I heard from a young woman who would likely be among the 13 million people that would lose their health insurance as a result of the Senate plan’s provision to eliminate the Obamacare individual mandate.

I heard from graduate students who’ve invested years pursuing their degrees and are already struggling financially. They may have to drop out of school if the House tax bill’s provisions to tax tuition waivers as income become law.

I heard from a disability rights activist about how the House version would also end the medical expense deduction, which enables people facing medical bills that exceed 10 percent of their annual income to deduct those expenses from their federal income taxes. According to the Center for American Progress, getting rid of this deduction, which helped 8.8 million families in 2015, would be especially devastating for people with disabilities and severe illnesses who frequently face thousands and even tens of thousands of dollars in out-of-pocket medical costs.

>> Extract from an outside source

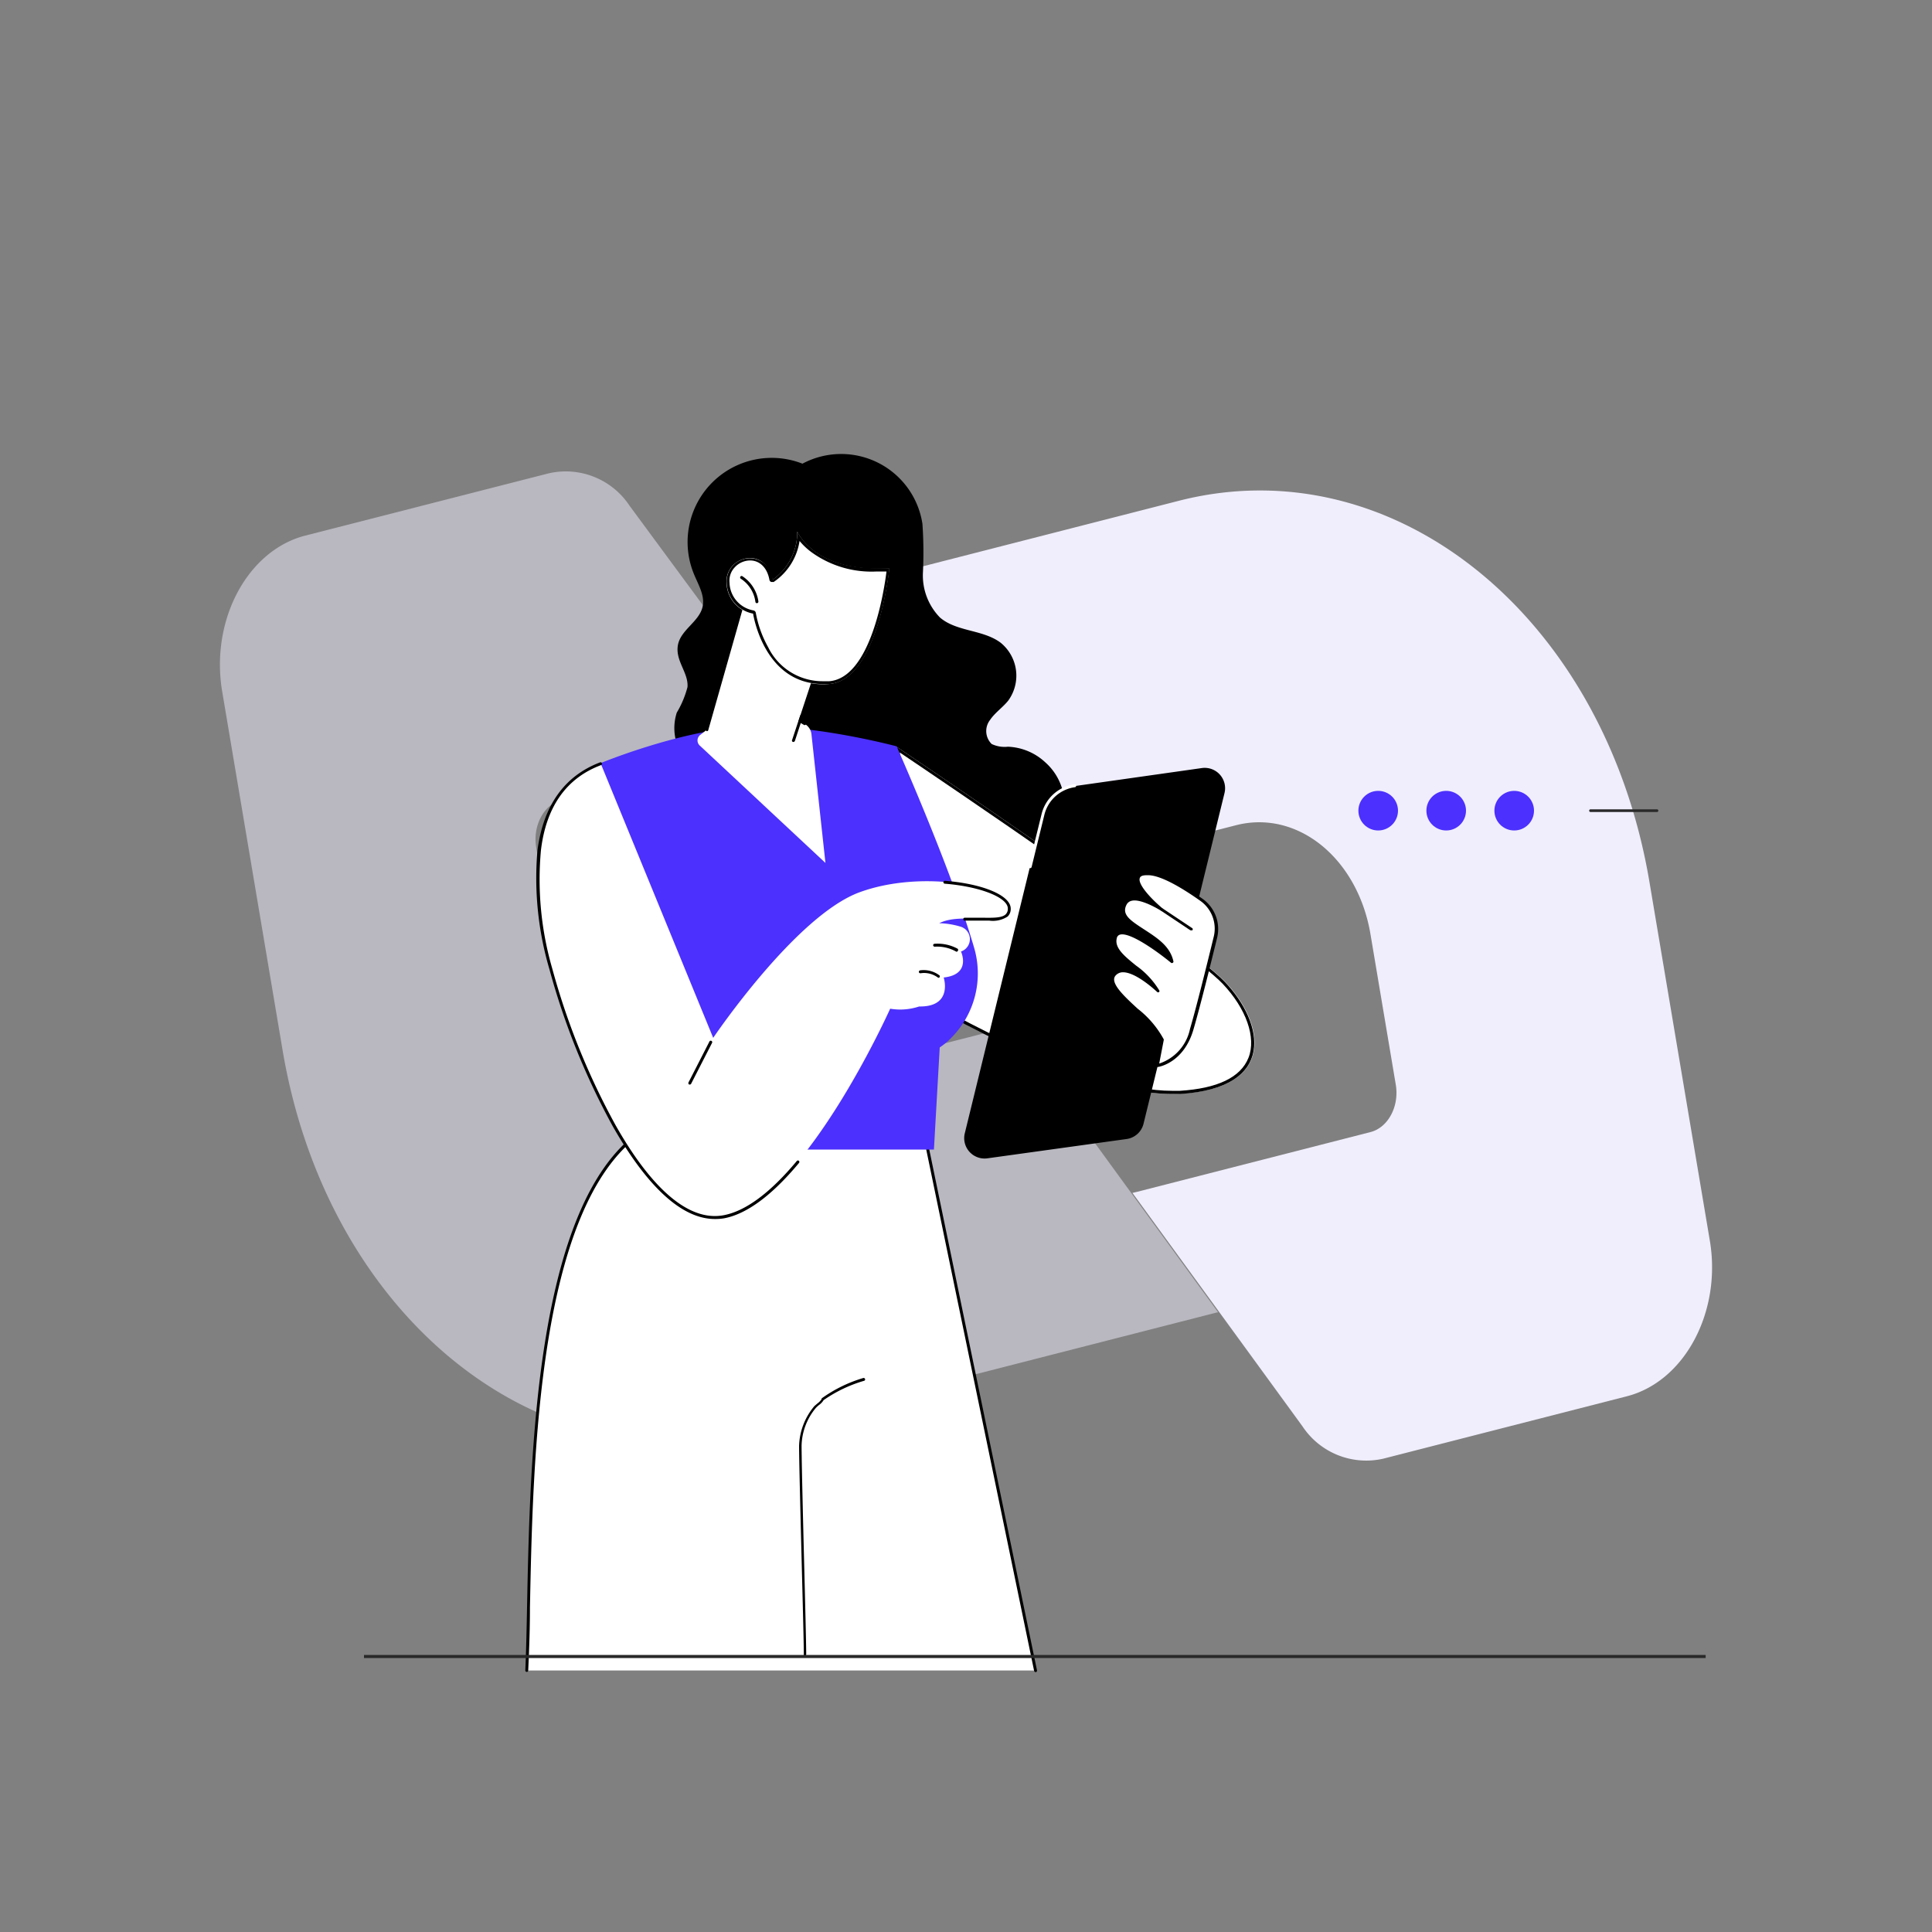 <svg viewBox="0 0 200 200" xmlns="http://www.w3.org/2000/svg" data-name="Capa 1" id="Capa_1"><rect x="0" y="0" width="200" height="200" fill="#808080" stroke="none"/><defs><style>.cls-1,.cls-2{fill:#f0eefc;}.cls-1{opacity:0.51;}.cls-3{fill:#fff;}.cls-4{fill:#4c30fd;}.cls-5{fill:#292929;}</style></defs><path d="M72.06,114.58c-6.37,1.63-12.6-3.42-13.93-11.28L55.51,87.72c-.38-2.24.79-4.44,2.61-4.91l6.52-1.67L82.8,76.4,74.24,64.65l-9.07-12.3A7.92,7.92,0,0,0,56.8,49L31.58,55.45C25.6,57,21.76,64.21,23,71.58l6.25,37.12c4.63,27.5,26.46,45.17,48.75,39.45l48-12.29h0l.11,0-21.54-29.58Z" class="cls-1"></path><path d="M177,128.42,170.75,91.3C166.12,63.8,144.29,46.13,122,51.85L74,64.14h0L95.55,93.72l32.39-8.29c6.37-1.64,12.6,3.41,13.93,11.27l2.62,15.58c.38,2.24-.79,4.44-2.61,4.91l-24.18,6.19-.47.11,17.6,24.16A7.92,7.92,0,0,0,143.2,151l25.22-6.46C174.4,143,178.24,135.79,177,128.42Z" class="cls-2"></path><g data-name="Call for a taxi" id="Call_for_a_taxi"><path d="M54.53,172.93c.59-12.73-.75-46.89,11.77-55.69l29.24-.68,11.66,56.37Z" class="cls-3"></path><path d="M107.2,173.09a.16.16,0,0,1-.15-.13L95.41,116.71l-29.06.68c-10.65,7.55-11.18,33.5-11.49,49,0,2.55-.1,4.74-.18,6.54a.14.14,0,0,1-.16.14.14.14,0,0,1-.14-.15c.08-1.8.13-4,.18-6.53.31-15.59.84-41.68,11.65-49.29l.09,0,29.23-.67a.14.14,0,0,1,.16.12l11.66,56.37a.16.16,0,0,1-.12.18Z"></path><path d="M83.36,171.5a.16.16,0,0,1-.15-.16c0-1.29-.11-5.33-.22-9.6-.13-5.19-.27-10.55-.27-12.07h0a6.71,6.71,0,0,1,1.59-4.12l.34-.29a1.53,1.53,0,0,0,.41-.44.1.1,0,0,1,0-.06,14.33,14.33,0,0,1,4.31-2.11.15.15,0,0,1,.18.11.14.14,0,0,1-.1.18,14.24,14.24,0,0,0-4.19,2,1.72,1.72,0,0,1-.47.5,3.92,3.92,0,0,0-.31.28,6.31,6.31,0,0,0-1.5,3.92c0,1.53.13,6.88.26,12,.11,4.28.21,8.32.22,9.61a.16.16,0,0,1-.15.16Z"></path><path d="M108.2,78.91a6,6,0,0,0-3.86-1.61,3.14,3.14,0,0,1-1.68-.28,1.87,1.87,0,0,1-.17-2.49c.51-.76,1.31-1.29,1.88-2a4.39,4.39,0,0,0-.79-6c-1.83-1.37-4.54-1.12-6.27-2.6a6.22,6.22,0,0,1-1.77-4.62,43,43,0,0,0-.05-5.08A8.51,8.51,0,0,0,83.07,48,8.71,8.71,0,0,0,71.85,59.46c.45,1.09,1.14,2.21.88,3.36-.36,1.56-2.3,2.39-2.56,4s1.11,2.82,1,4.3a10.16,10.16,0,0,1-1.11,2.65,5.22,5.22,0,0,0,.5,4.3,13,13,0,0,0,3,3.32c7,6.08,16,10.29,25.3,10.26,4.89,0,12.65-3.67,11.15-9.8A5.93,5.93,0,0,0,108.2,78.91Z"></path><path d="M92.82,77.31s29.93,20.08,34,24.32,5.42,11-4.63,11.6S94,102.74,94,102.74Z" class="cls-3"></path><path d="M93.15,77.9c3.93,2.65,29.74,20.07,33.42,23.94,2.44,2.57,3.49,5.57,2.68,7.64s-3.25,3.2-7.11,3.44c-.27,0-.55,0-.83,0-4.12,0-10.12-1.81-17.35-5.22-4.93-2.34-8.9-4.7-9.68-5.16Zm-.33-.59L94,102.74s17.13,10.51,27.32,10.51l.85,0c10.05-.63,8.67-7.35,4.63-11.6S92.82,77.31,92.82,77.31Z"></path><path d="M62.17,79s7.76-3.22,14.51-3.74,16.14,2,16.14,2,5.65,12.72,8,20.78a9.45,9.45,0,0,1-2.34,9.39,7.12,7.12,0,0,1-1.2,1L96.68,119H68.23l-2.85-7.29Z" class="cls-4"></path><path d="M102.21,119.91l14.42-2a2.1,2.1,0,0,0,1.75-1.59l8.38-34.22a2.11,2.11,0,0,0-2.35-2.59l-13.19,1.87a4,4,0,0,0-3.29,3l-8.07,33A2.11,2.11,0,0,0,102.21,119.91Z"></path><path d="M106.61,89.87h0a.15.15,0,0,1-.12-.18l1.33-5.4a4.1,4.1,0,0,1,3.41-3.1.16.16,0,0,1,.17.13.14.14,0,0,1-.13.17,3.8,3.8,0,0,0-3.16,2.87l-1.32,5.4A.16.16,0,0,1,106.61,89.87Z" class="cls-3"></path><path d="M120.33,107.64l-.49,2.66s2.56-.38,3.54-3.75c.65-2.24,1.77-6.75,2.45-9.53a3.68,3.68,0,0,0-1.45-3.89c-1.69-1.2-4-2.66-5.47-2.69-2.42,0-.15,2.46,1.39,3.72,0,0-3-2-3.81-.5-1.15,2.2,4.16,2.85,4.85,5.94,0,0-5.35-4.45-5.86-2.47s3.27,3.26,4.38,5.49c0,0-3.27-3.28-4.52-1.69S119.6,105.48,120.33,107.64Z" class="cls-3"></path><path d="M119.84,110.45a.12.12,0,0,1-.1,0,.12.12,0,0,1,0-.13l.47-2.62a10.25,10.25,0,0,0-2.61-3c-1.58-1.47-3.08-2.86-2.34-3.8a1.22,1.22,0,0,1,.94-.49,4.87,4.87,0,0,1,2.8,1.28,16.09,16.09,0,0,0-1.55-1.39c-1.22-1-2.38-2-2.08-3.15a.77.77,0,0,1,.52-.57c1.2-.39,4.1,1.77,5.2,2.64a6.82,6.82,0,0,0-2.8-2.67c-1.31-.85-2.55-1.65-1.89-2.9a1.1,1.1,0,0,1,.73-.58,3.62,3.62,0,0,1,2.18.42c-.8-.79-1.78-1.93-1.53-2.63.13-.35.53-.52,1.18-.51,1.46,0,3.82,1.49,5.55,2.71A3.84,3.84,0,0,1,126,97.06c-.63,2.58-1.79,7.26-2.46,9.53-1,3.42-3.54,3.84-3.65,3.86Zm-3.58-9.8h-.08a1,1,0,0,0-.72.37c-.57.73.89,2.09,2.31,3.4a10.15,10.15,0,0,1,2.7,3.17.22.22,0,0,1,0,.08L120,110.1a4.8,4.8,0,0,0,3.19-3.59c.67-2.27,1.82-6.94,2.45-9.52a3.52,3.52,0,0,0-1.39-3.74c-1.69-1.2-4-2.63-5.38-2.65-.35,0-.79,0-.88.3-.22.58,1,2,2.36,3.14a.15.15,0,0,1,0,.21.16.16,0,0,1-.21,0s-2-1.26-3-1a.78.78,0,0,0-.53.42c-.5,1,.35,1.58,1.78,2.51s2.73,1.76,3.08,3.33a.14.14,0,0,1-.07.16.15.15,0,0,1-.17,0c-1.12-.93-4.24-3.26-5.31-2.91a.46.46,0,0,0-.31.36c-.26,1,.78,1.85,2,2.84a8.65,8.65,0,0,1,2.38,2.54.14.14,0,0,1,0,.19.15.15,0,0,1-.2,0S117.66,100.65,116.26,100.65Z"></path><path d="M123.31,96.3a.16.16,0,0,1-.09,0l-3-2a.15.15,0,0,1,0-.21.15.15,0,0,1,.21,0l3,2a.15.15,0,0,1,0,.21A.14.14,0,0,1,123.31,96.3Z"></path><path d="M62.17,79l11.66,28.44S82.36,94.78,89,92.36s15.44-.55,15.47,1.66-4.72.27-7.24,1.55a8.36,8.36,0,0,1,2.25.37,1.35,1.35,0,0,1,0,2.56s1.12,2.38-1.79,2.69c0,0,1,3.06-2.54,3a6.22,6.22,0,0,1-3,.23S83.2,124.39,74.89,126s-16-18-17.92-25.64S54.05,82.12,62.17,79Z" class="cls-3"></path><path d="M74,126.19c-4.22,0-8-5.09-10.54-9.55a74.22,74.22,0,0,1-6.58-16.29A33.37,33.37,0,0,1,55.64,88c.62-4.62,2.79-7.68,6.48-9.08a.15.15,0,0,1,.19.08.16.16,0,0,1-.08.2C58.65,80.53,56.54,83.5,56,88a33.1,33.1,0,0,0,1.17,12.27,74,74,0,0,0,6.56,16.22c2.66,4.71,6.76,10.14,11.18,9.31,2.28-.43,4.83-2.32,7.58-5.62a.15.15,0,0,1,.22,0,.16.16,0,0,1,0,.21c-2.8,3.36-5.41,5.29-7.76,5.73A5.39,5.39,0,0,1,74,126.19Z"></path><path d="M102.4,95.3l-1.13,0c-.46,0-.93,0-1.4,0a.15.15,0,0,1,0-.3c.48,0,.95,0,1.41,0,1.22,0,2.38.09,2.83-.35a.78.78,0,0,0,.22-.6c0-1.15-2.88-2.28-6.53-2.57a.16.16,0,0,1-.14-.16.15.15,0,0,1,.17-.14c3.92.31,6.78,1.51,6.8,2.87a1.09,1.09,0,0,1-.31.82A2.77,2.77,0,0,1,102.4,95.3Z"></path><path d="M99,98.52H99A4,4,0,0,0,96.77,98a.16.16,0,0,1-.17-.14.15.15,0,0,1,.14-.16,4.35,4.35,0,0,1,2.37.5.15.15,0,0,1,.06.2A.16.16,0,0,1,99,98.52Z"></path><path d="M97.2,101.21a.14.14,0,0,1-.09,0,2.4,2.4,0,0,0-1.81-.46.16.16,0,0,1-.18-.12.17.17,0,0,1,.13-.18,2.71,2.71,0,0,1,2,.52.15.15,0,0,1,0,.21A.16.16,0,0,1,97.2,101.21Z"></path><path d="M71.41,112.27h-.07a.17.17,0,0,1-.07-.21l2.17-4.24a.14.14,0,0,1,.2-.07.15.15,0,0,1,.07.21l-2.17,4.24A.14.14,0,0,1,71.41,112.27Z"></path><path d="M72.53,76.05l.64-.51,4.32-15.17L85,68l-2.18,6.66.48.28A1.39,1.39,0,0,1,84,76l1.45,13.33-13-12.14A.72.72,0,0,1,72.53,76.05Z" class="cls-3"></path><path d="M73.17,75.69h0a.14.14,0,0,1-.1-.18l4.31-15.17a.15.15,0,0,1,.11-.11.17.17,0,0,1,.15,0l7.53,7.61a.17.17,0,0,1,0,.15L83,74.56l.38.22a.15.15,0,1,1-.16.26l-.48-.28a.16.16,0,0,1-.06-.18L84.85,68l-7.29-7.35L73.32,75.58A.15.15,0,0,1,73.17,75.69Z"></path><path d="M82.17,76.8h0A.14.14,0,0,1,82,76.6l.83-2.51a.15.15,0,0,1,.19-.1.16.16,0,0,1,.09.2l-.82,2.5A.17.17,0,0,1,82.17,76.8Z"></path><path d="M92.06,58.81s-1.14,11.59-6.25,12c-6.71.51-7.87-7.27-7.87-7.27a3.35,3.35,0,0,1-2.73-3.15c-.2-2.77,4-4,4.77-.37a6,6,0,0,0,2.55-5S84.33,59.37,92.06,58.81Z" class="cls-3"></path><path d="M82.77,56A7,7,0,0,0,84,57.16a10.59,10.59,0,0,0,6.77,2l1,0c-.24,1.93-1.61,11-5.92,11.36l-.61,0A6.26,6.26,0,0,1,79.52,67a11.46,11.46,0,0,1-1.28-3.56.3.3,0,0,0-.25-.25,3,3,0,0,1-2.47-2.87,2,2,0,0,1,.55-1.6,2.18,2.18,0,0,1,1.58-.7c1,0,1.77.75,2,2a.3.3,0,0,0,.17.22.27.27,0,0,0,.12,0,.3.3,0,0,0,.16,0A6.26,6.26,0,0,0,82.77,56Zm-.24-1A6,6,0,0,1,80,60a2.39,2.39,0,1,0-4.77.37,3.35,3.35,0,0,0,2.73,3.15s1.08,7.29,7.24,7.29l.63,0c5.11-.4,6.25-12,6.25-12-.47,0-.91,0-1.33,0C84.12,58.86,82.53,55,82.53,55Zm9.53,3.81Z"></path><path d="M78.36,62.44a.15.15,0,0,1-.16-.13,3.38,3.38,0,0,0-1.51-2.4.15.15,0,0,1,.16-.26,3.74,3.74,0,0,1,1.66,2.62.16.16,0,0,1-.14.17Z"></path></g><path d="M164.51,83.92a.14.14,0,0,1,.14-.14h6.88a.14.14,0,1,1,0,.28h-6.88A.14.14,0,0,1,164.51,83.92Z" class="cls-5"></path><circle r="2.05" cy="83.92" cx="156.75" class="cls-4"></circle><circle r="2.05" cy="83.92" cx="149.71" class="cls-4"></circle><circle r="2.05" cy="83.92" cx="142.67" class="cls-4"></circle><rect height="0.32" width="138.89" y="171.32" x="37.68" class="cls-5"></rect></svg>

While my own travails paled in comparison to these tales of hardship, I nevertheless found myself getting agitated all over again on my commute back home. I’d just heard that only one Republican senator planned to vote against the bill — two short of the number needed to block it. At the last working metro station on my line, I got off to try to board one of the special temporary shuttles that are supposed to take us between the closed-down stations.

By the time one of these shuttles pulled up, about 200 people were waiting — far too many to fit on board. As the human mass thrust me forward, I noticed lettering on the side of the bus indicating it was operated by a company from Pennsylvania. Later I learned that DC Metro couldn’t afford to pay their own drivers over-time, so they hired out of state private contractors.

When it comes to public spending that benefits the poor and middle class, the conservative mantra is that America is broke. We have no choice, they say, but to put up with inferior infrastructure, schools, and health care.

The reality is we are a nation of great abundance. The problem is that too much of our great wealth is flowing into too few pockets. The tax plan the Senate passed in the dark of night would do more than any legislation in decades to accelerate this inequality.

Fortunately, this battle is not yet over. There are major differences between the House and Senate versions of the GOP tax plan that need to be reconciled. The fight for a fair tax plan will continue next week — and as long as it takes until we get a government that acts in the interest of the public, not just the 1%.

Sarah Anderson directs the Global Economy Project at the Institute for Policy Studies.